■ Your task: Only the pictures should be dropped; every line of the data must come back exactly as written.

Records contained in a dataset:
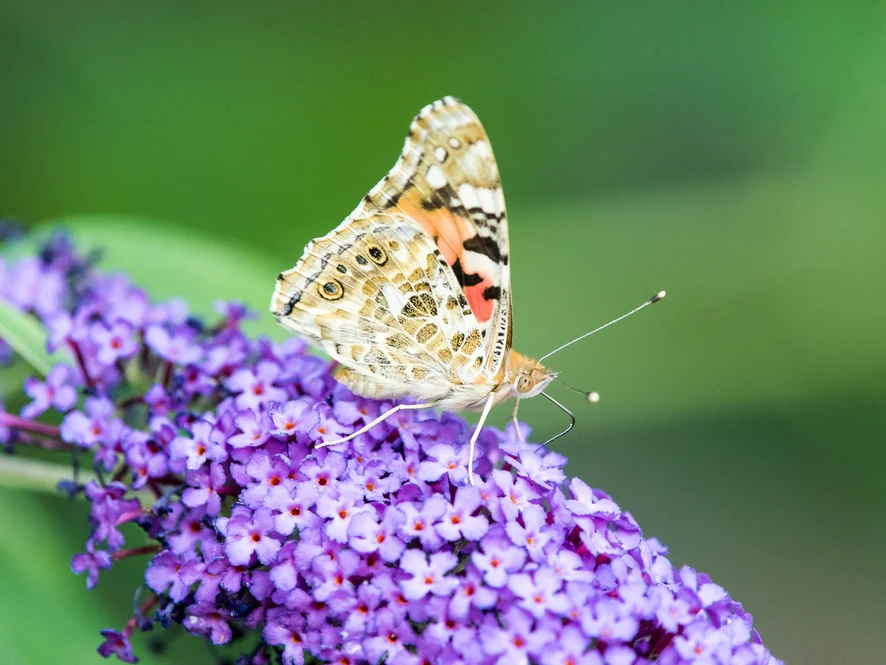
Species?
Vanessa cardui
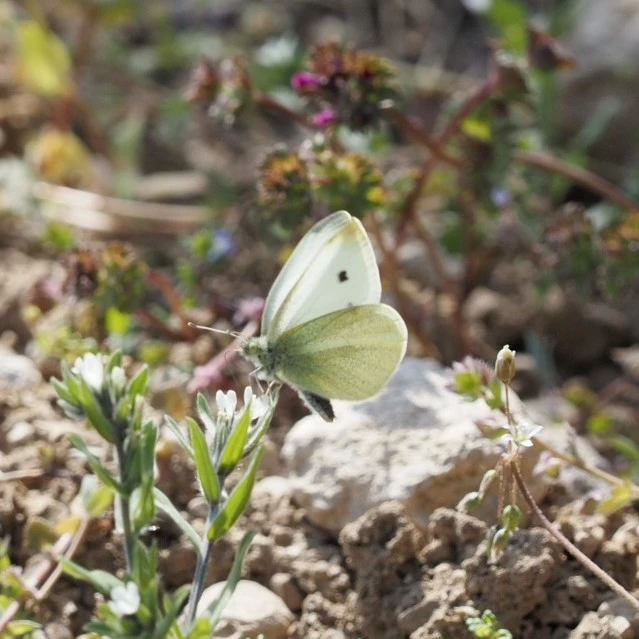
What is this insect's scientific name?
Pieris rapae
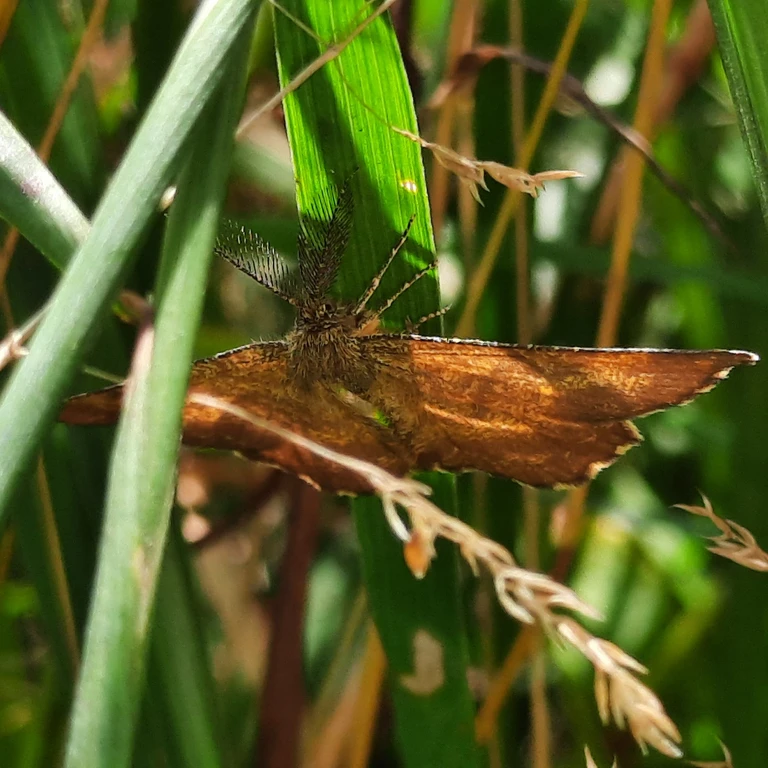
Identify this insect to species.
Ematurga atomaria
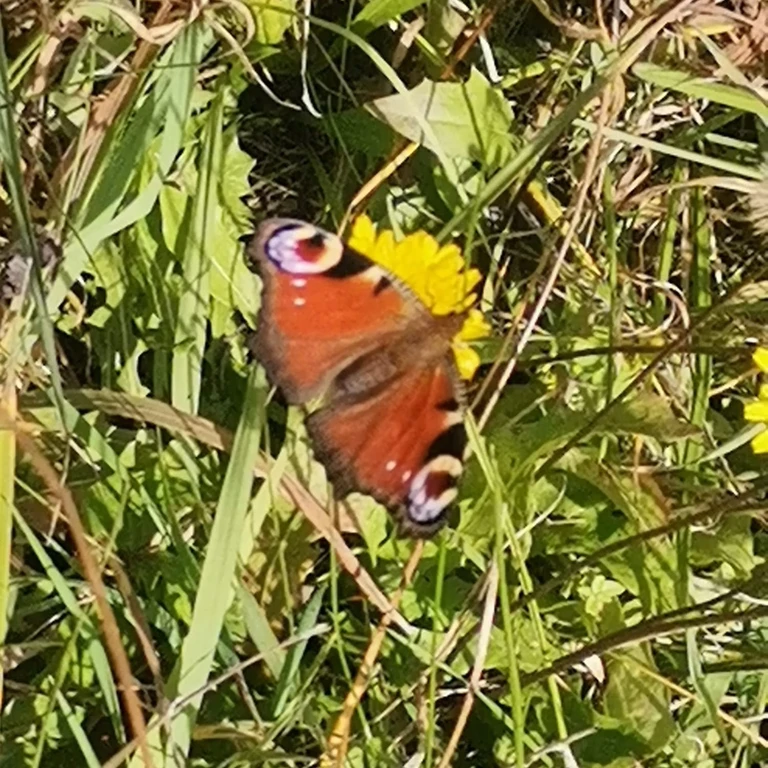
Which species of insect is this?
Aglais io
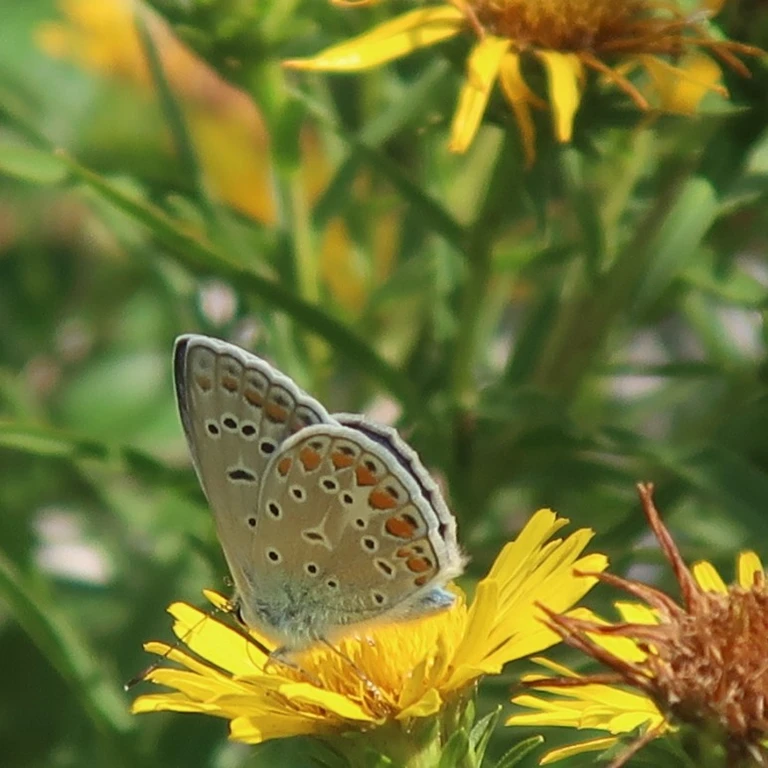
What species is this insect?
Polyommatus icarus
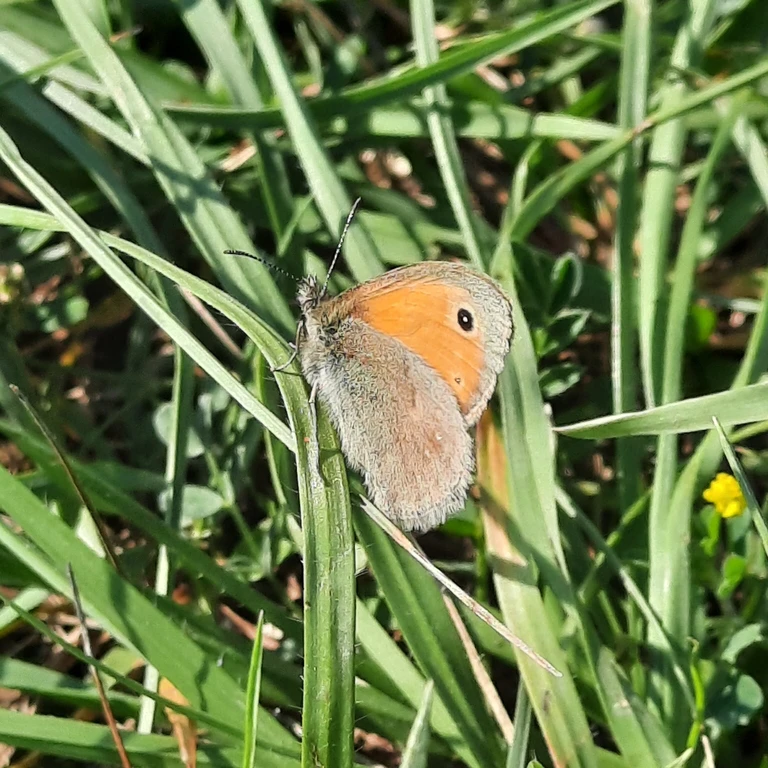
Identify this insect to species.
Coenonympha pamphilus

■ Written answer:
Species?
Vanessa cardui
What is this insect's scientific name?
Pieris rapae
Identify this insect to species.
Ematurga atomaria
Which species of insect is this?
Aglais io
What species is this insect?
Polyommatus icarus
Identify this insect to species.
Coenonympha pamphilus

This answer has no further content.